Instructions for the task: Read the records and gather each line that includes "Pleural".

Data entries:
════════════════════

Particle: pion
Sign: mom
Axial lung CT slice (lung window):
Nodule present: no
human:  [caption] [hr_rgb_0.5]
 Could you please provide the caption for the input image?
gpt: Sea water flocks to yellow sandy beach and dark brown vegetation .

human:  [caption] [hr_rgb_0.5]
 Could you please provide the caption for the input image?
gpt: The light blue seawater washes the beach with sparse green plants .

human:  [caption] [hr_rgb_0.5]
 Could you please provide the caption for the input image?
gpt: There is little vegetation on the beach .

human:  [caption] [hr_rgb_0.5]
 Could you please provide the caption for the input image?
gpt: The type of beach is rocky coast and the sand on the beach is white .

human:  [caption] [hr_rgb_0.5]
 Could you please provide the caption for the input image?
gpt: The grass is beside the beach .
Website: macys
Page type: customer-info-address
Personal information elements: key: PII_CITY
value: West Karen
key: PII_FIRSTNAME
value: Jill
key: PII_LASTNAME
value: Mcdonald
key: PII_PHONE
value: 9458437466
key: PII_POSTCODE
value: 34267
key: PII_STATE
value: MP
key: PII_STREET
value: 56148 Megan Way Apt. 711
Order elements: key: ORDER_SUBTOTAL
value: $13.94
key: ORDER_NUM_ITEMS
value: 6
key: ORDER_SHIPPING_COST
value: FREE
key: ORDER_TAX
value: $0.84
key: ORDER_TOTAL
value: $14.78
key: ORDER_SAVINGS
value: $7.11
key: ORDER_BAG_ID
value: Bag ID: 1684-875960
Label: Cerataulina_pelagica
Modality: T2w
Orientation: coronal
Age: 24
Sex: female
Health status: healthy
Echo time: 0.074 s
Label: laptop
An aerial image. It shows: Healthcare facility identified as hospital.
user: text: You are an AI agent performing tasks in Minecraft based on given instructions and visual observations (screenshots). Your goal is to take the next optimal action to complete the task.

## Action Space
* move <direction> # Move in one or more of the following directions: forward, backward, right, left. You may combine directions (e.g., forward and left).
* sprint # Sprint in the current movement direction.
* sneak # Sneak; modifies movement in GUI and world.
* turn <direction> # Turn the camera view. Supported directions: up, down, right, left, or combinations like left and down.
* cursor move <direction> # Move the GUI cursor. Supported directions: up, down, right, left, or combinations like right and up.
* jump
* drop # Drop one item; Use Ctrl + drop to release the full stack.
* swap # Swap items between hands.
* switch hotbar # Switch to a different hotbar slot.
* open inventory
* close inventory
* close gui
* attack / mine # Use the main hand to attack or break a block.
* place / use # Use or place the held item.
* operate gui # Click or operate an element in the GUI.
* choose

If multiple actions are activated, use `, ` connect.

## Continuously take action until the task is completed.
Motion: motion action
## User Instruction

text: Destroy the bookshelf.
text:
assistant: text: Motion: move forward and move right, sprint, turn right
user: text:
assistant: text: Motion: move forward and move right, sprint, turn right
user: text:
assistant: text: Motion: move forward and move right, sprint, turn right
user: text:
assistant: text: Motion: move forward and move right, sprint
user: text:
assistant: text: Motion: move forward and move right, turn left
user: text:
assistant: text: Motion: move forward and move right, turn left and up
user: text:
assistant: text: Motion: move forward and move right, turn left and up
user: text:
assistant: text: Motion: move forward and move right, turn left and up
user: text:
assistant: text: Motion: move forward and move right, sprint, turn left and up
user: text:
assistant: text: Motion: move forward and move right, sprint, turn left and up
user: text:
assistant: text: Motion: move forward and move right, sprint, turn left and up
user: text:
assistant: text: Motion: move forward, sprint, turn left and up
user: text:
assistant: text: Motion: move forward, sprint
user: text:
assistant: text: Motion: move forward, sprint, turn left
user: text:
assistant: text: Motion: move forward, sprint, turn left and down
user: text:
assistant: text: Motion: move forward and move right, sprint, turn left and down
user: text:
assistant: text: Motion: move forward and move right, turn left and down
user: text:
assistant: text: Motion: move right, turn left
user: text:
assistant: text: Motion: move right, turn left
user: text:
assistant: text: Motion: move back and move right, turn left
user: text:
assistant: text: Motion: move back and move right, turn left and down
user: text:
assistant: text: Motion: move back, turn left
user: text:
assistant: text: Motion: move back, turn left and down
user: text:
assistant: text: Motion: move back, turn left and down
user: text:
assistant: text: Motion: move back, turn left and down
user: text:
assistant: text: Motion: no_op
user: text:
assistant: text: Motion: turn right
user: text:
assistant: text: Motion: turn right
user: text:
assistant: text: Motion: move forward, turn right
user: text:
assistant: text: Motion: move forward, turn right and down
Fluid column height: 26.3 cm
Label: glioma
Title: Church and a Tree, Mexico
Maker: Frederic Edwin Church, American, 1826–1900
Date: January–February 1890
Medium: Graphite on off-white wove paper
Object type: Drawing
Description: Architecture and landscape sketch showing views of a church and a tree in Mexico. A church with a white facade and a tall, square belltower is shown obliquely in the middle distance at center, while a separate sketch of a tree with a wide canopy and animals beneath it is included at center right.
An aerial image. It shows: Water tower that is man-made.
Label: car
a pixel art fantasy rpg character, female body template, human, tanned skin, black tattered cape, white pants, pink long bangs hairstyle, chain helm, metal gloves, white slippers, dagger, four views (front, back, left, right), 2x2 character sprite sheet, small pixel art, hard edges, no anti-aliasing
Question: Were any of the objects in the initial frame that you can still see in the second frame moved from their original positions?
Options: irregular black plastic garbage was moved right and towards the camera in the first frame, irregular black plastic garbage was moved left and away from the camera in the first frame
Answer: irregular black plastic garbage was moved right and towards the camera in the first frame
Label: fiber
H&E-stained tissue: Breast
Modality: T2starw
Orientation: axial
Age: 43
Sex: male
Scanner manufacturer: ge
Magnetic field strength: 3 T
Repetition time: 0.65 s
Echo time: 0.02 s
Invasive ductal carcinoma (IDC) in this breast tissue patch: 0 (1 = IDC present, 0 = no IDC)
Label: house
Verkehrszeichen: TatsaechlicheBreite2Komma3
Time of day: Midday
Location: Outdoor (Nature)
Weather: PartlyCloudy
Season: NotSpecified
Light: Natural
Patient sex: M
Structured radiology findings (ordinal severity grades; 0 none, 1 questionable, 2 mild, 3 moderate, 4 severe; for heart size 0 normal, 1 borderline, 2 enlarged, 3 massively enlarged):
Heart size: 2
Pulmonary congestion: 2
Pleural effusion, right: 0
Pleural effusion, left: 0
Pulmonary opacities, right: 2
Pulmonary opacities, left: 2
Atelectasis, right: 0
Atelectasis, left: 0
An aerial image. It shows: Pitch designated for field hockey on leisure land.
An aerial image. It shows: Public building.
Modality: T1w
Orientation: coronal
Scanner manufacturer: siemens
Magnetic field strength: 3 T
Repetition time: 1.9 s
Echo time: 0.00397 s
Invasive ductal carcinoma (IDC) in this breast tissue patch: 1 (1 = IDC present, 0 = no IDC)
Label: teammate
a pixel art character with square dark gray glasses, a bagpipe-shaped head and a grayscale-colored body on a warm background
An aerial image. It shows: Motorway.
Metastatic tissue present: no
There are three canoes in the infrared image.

════════════════════

Task result:
Pleural effusion, right: 0
Pleural effusion, left: 0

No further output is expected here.